SDE vs Adjusted EBITDA
SDE vs Adjusted EBITDA: Understanding the Key Differences
When it comes to valuing businesses, two metrics often create confusion: Seller's Discretionary Earnings (SDE) and Adjusted EBITDA. While they might seem similar at first glance, understanding their differences is crucial for anyone involved in business valuation or M&A.
The Quick Take
SDE: Used for small businesses where owners are operators ($2M earnings or less)

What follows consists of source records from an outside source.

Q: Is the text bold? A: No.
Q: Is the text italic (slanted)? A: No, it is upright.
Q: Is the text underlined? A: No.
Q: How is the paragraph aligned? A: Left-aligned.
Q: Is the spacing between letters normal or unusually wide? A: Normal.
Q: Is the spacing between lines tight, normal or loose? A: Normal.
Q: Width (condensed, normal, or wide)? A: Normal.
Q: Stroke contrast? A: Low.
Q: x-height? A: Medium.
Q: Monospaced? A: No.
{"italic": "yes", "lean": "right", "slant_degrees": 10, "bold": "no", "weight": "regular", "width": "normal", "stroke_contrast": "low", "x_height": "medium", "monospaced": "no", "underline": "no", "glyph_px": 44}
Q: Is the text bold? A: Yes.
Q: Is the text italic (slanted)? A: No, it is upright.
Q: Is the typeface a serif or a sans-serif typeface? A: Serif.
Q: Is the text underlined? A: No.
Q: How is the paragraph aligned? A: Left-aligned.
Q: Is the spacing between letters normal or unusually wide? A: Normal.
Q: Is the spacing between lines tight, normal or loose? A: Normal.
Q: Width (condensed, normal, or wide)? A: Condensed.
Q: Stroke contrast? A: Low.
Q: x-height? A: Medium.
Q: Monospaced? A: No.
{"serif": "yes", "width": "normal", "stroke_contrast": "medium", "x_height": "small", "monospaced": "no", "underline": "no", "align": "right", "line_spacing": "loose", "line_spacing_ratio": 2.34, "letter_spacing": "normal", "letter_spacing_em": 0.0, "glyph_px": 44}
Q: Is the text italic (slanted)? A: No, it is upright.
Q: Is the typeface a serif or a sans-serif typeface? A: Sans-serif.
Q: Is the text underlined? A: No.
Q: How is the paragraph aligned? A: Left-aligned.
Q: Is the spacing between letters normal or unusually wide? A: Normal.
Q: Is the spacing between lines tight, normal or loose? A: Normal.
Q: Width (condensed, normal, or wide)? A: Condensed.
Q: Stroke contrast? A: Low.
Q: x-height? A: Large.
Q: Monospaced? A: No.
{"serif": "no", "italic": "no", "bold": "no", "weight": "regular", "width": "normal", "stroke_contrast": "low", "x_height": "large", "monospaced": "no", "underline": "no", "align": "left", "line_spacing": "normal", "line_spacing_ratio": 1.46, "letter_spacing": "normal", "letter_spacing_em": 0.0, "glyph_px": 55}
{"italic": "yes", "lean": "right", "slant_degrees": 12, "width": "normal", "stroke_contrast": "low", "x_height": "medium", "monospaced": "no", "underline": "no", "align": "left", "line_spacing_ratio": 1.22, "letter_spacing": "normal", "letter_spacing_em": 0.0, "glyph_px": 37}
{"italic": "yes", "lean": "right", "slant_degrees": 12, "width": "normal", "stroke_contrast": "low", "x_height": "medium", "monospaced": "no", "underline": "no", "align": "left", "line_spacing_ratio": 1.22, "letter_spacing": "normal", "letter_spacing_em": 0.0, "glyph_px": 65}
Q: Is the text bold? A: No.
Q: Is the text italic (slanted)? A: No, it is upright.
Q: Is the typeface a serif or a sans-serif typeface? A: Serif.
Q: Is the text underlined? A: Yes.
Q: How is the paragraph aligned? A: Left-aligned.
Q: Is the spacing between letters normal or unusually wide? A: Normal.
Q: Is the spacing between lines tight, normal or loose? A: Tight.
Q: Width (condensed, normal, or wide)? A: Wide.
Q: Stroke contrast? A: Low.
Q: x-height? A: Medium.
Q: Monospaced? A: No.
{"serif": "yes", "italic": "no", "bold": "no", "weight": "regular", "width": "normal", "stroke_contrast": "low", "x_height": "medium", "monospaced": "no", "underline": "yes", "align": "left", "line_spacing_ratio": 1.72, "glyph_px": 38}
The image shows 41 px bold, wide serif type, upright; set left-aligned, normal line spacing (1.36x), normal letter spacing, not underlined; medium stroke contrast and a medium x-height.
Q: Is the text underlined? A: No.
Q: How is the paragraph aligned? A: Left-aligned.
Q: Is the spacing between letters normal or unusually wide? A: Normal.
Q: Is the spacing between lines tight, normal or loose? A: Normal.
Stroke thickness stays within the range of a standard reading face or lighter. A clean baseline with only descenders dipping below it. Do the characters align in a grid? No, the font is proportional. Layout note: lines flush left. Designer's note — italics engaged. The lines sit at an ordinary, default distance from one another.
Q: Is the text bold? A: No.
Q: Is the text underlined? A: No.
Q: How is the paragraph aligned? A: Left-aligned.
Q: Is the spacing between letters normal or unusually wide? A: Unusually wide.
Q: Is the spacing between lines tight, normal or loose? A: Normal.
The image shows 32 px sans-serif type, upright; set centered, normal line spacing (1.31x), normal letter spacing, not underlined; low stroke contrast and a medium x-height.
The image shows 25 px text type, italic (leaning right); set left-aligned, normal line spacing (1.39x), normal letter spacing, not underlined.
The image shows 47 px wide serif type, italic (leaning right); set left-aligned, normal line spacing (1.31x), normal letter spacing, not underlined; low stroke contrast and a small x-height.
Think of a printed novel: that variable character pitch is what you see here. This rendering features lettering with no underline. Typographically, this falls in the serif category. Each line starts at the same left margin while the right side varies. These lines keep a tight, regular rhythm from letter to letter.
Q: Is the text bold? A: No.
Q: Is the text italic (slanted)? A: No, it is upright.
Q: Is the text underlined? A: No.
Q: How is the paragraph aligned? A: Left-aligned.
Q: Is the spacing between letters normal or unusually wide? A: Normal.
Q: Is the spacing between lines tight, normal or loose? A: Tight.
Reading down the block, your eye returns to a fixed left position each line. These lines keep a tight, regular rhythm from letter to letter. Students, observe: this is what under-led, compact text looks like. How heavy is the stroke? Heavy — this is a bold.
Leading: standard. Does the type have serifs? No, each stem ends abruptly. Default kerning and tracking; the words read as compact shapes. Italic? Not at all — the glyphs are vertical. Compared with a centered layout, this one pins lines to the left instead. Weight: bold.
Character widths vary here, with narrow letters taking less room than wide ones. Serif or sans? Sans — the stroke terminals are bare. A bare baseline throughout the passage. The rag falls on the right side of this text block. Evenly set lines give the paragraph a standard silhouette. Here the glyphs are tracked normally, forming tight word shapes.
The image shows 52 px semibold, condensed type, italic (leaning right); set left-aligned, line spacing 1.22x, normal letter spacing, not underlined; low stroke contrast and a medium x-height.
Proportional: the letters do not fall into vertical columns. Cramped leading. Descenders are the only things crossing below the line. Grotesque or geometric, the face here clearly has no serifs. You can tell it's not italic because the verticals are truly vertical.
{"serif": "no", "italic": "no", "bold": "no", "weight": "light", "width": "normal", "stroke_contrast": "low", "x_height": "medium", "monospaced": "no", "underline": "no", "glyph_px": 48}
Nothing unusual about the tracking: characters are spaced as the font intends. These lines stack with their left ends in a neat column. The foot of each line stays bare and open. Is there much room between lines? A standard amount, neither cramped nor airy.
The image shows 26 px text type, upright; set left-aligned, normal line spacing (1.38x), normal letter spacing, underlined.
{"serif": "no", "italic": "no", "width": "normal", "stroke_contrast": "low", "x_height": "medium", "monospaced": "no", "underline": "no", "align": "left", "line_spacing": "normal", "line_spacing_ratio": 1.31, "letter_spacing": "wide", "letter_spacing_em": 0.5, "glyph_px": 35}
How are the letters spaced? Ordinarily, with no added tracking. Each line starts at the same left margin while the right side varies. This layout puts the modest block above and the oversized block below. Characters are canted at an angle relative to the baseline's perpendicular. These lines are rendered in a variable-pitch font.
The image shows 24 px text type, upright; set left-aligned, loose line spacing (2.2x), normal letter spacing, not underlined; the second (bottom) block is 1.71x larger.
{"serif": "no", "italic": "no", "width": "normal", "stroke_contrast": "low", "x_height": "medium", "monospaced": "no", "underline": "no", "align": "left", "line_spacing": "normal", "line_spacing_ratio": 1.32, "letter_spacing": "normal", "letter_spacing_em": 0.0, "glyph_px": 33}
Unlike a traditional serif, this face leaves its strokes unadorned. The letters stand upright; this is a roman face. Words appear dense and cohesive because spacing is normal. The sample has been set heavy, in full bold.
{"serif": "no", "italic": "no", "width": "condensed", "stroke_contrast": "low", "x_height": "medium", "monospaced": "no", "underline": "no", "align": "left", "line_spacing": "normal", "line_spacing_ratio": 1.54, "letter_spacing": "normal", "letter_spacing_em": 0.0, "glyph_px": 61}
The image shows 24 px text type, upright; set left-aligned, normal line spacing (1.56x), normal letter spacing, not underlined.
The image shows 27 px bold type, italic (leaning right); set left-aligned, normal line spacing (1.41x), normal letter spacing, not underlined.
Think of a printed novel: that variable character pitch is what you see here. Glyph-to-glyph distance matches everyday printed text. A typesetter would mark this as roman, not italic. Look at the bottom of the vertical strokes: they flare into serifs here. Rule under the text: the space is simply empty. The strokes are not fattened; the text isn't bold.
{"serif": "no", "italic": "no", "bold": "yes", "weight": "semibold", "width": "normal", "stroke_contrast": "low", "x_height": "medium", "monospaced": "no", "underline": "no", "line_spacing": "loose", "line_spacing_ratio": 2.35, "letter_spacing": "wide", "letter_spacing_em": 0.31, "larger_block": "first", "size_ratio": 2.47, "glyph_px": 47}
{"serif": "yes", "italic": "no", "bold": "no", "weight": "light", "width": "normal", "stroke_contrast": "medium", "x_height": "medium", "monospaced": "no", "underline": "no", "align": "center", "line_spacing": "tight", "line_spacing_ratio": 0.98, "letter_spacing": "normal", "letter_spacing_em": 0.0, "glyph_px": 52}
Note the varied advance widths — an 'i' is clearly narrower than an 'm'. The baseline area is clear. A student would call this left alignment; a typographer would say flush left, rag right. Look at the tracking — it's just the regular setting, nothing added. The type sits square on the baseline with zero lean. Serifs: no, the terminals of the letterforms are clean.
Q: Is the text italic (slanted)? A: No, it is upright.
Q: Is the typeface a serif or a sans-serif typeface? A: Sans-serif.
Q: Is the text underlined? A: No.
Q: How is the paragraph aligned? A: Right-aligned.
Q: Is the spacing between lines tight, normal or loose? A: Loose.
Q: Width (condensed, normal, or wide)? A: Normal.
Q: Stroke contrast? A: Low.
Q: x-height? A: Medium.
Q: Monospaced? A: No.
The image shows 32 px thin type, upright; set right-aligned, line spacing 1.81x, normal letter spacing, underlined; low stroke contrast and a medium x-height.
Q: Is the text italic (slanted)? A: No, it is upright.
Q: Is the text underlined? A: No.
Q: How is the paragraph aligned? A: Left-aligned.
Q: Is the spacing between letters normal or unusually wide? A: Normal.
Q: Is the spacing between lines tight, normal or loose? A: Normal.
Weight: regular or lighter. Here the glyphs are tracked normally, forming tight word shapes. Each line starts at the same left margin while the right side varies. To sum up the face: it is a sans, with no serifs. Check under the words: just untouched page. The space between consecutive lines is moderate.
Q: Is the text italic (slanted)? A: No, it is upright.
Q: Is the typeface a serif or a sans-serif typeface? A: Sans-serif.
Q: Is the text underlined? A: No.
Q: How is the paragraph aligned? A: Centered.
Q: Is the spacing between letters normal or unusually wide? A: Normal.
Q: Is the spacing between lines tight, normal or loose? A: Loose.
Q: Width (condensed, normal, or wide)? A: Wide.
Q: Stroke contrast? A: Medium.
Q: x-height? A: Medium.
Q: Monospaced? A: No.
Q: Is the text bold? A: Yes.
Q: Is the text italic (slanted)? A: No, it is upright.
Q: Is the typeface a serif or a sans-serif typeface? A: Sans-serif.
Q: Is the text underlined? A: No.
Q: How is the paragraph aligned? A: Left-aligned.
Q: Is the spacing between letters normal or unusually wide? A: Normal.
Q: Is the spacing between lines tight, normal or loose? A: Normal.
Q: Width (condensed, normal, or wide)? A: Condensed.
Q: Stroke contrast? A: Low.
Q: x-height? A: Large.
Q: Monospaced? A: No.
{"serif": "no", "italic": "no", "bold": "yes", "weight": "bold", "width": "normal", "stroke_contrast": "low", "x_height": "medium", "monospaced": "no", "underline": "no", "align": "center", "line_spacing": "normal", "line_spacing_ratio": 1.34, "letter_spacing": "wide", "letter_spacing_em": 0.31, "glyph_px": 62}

Adjusted EBITDA: Used for larger businesses where owners are investors (Above $2M earnings)
Understanding the Basics
Both SDE and Adjusted EBITDA serve as the foundation for business valuation. They're typically multiplied by market multiples to determine a company's worth. For instance, if a company has an SDE of $400,000 and comparable companies trade at 3.0x, the valuation would be $1.2 million.
Adjusted EBITDA
What Is It?
Adjusted EBITDA (Earnings Before Interest, Taxes, Depreciation, and Amortization) is the go-to metric for larger businesses. It aims to normalize earnings for comparison purposes. Unlike SDE, it excludes owner salary since it assumes operational management is handled by employees, not owners.
The Calculation
A typical Adjusted EBITDA calculation starts with Net Income and adds back:
1. Standard Items: (a) Interest (b) Taxes (c) Depreciation (d) Amortization
2. Discretionary Items: (a) Discontinued operations (b) One-time expenses
3. Transactional Items (a) Deal expenses (b) Management fees
4. Pro Forma Adjustments (a) Known future changes
SDE (Seller's Discretionary Earnings)
What Is It?
SDE is primarily used for small to medium-sized businesses. It represents the total financial benefit that a single, full-time owner-operator would receive annually. This includes profits, owner's salary, benefits, and personal expenses run through the business.
The Calculation
Think of SDE as "Adjusted EBITDA +" with this formula:
``` Net Income + Standard EBITDA Adjustments + Owner's Salary + Personal Expenses = SDE ```
Common SDE Add-Backs:
1. Officer's salary 2. Owner's payroll taxes 3. Personal expenses (phone, fuel, etc.) 4. Charitable contributions 5. Non-recurring expenses 6. Depreciation 7. Interest
When to Use Which?
The choice between SDE and Adjusted EBITDA typically depends on:
1. Business Size: Under $2M earnings → SDE Over $2M earnings → Adjusted EBITDA
2. Owner Involvement Owner operates day-to-day → SDE Owner is purely an investor → Adjusted EBITDA
Key Differences: SDE vs Adjusted EBITDA
The choice between SDE and Adjusted EBITDA comes down to one key question: Will the new owner need to be involved in day-to-day operations?
If yes → Use SDE If no → Use Adjusted EBITDA
Remember, there's no hard rule about when to use which metric. The $2M threshold is a guideline, not a requirement. The real determining factor is the level of owner involvement in daily operations.